* **Work instruction**
Copy the entries exactly. Leave out any pictures.

** Opening The data block **

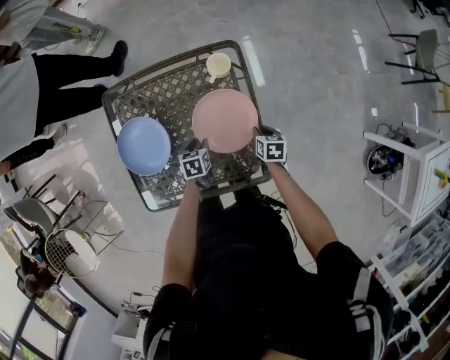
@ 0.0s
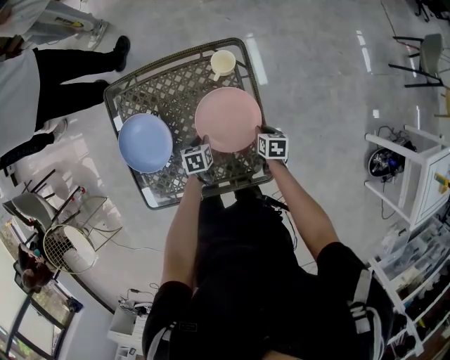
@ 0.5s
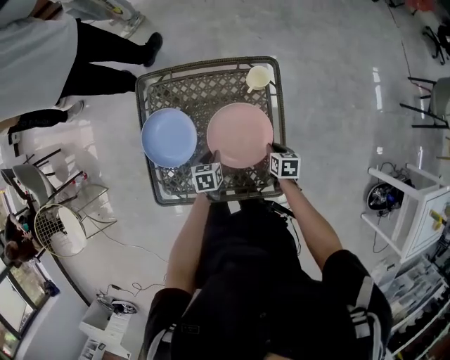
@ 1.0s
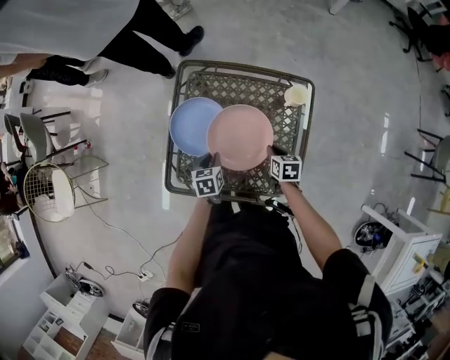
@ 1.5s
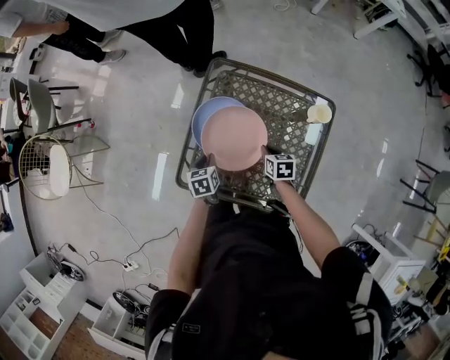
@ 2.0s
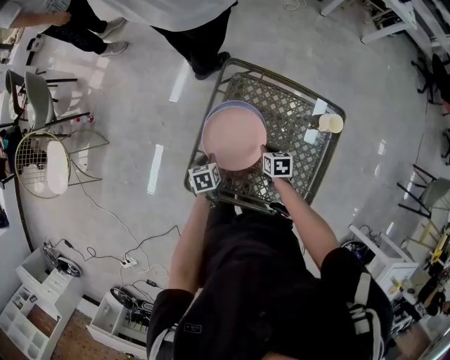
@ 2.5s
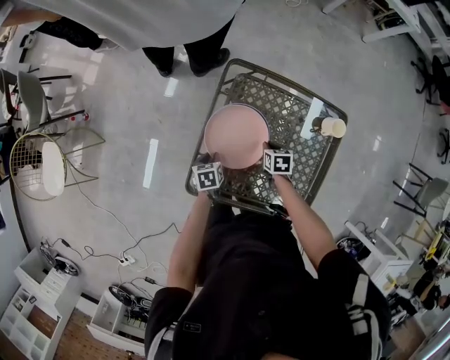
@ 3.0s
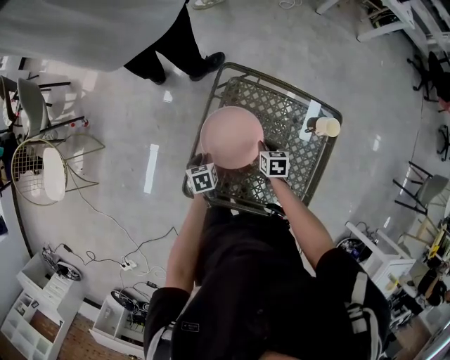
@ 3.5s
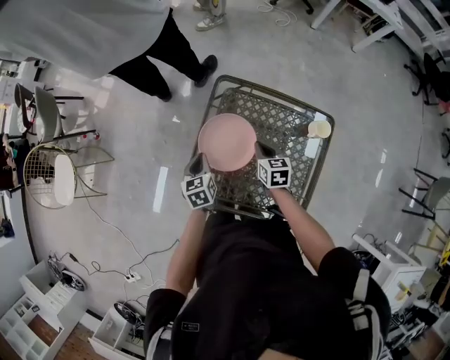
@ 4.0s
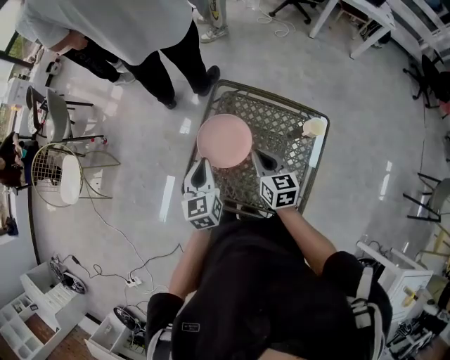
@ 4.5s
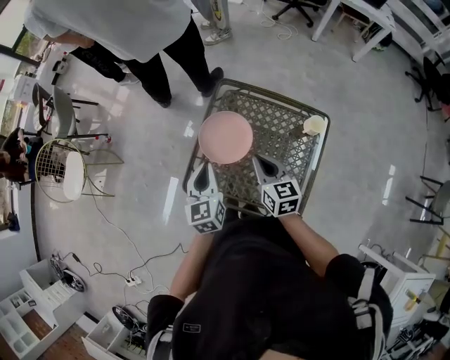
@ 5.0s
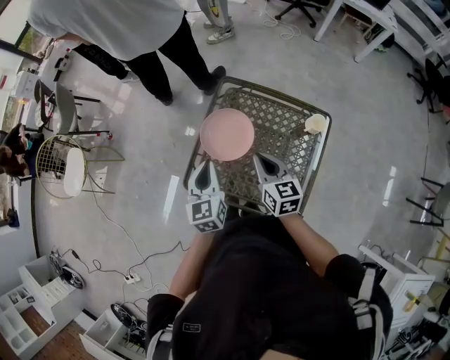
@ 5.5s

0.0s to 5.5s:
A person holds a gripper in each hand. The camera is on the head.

** Closing The data block **

* **Output for this exercise**
@ 0.0s
@ 0.5s
@ 1.0s
@ 1.5s
@ 2.0s
@ 2.5s
@ 3.0s
@ 3.5s
@ 4.0s
@ 4.5s
@ 5.0s
@ 5.5s

0.0s to 5.5s:
A person holds a gripper in each hand. The camera is on the head.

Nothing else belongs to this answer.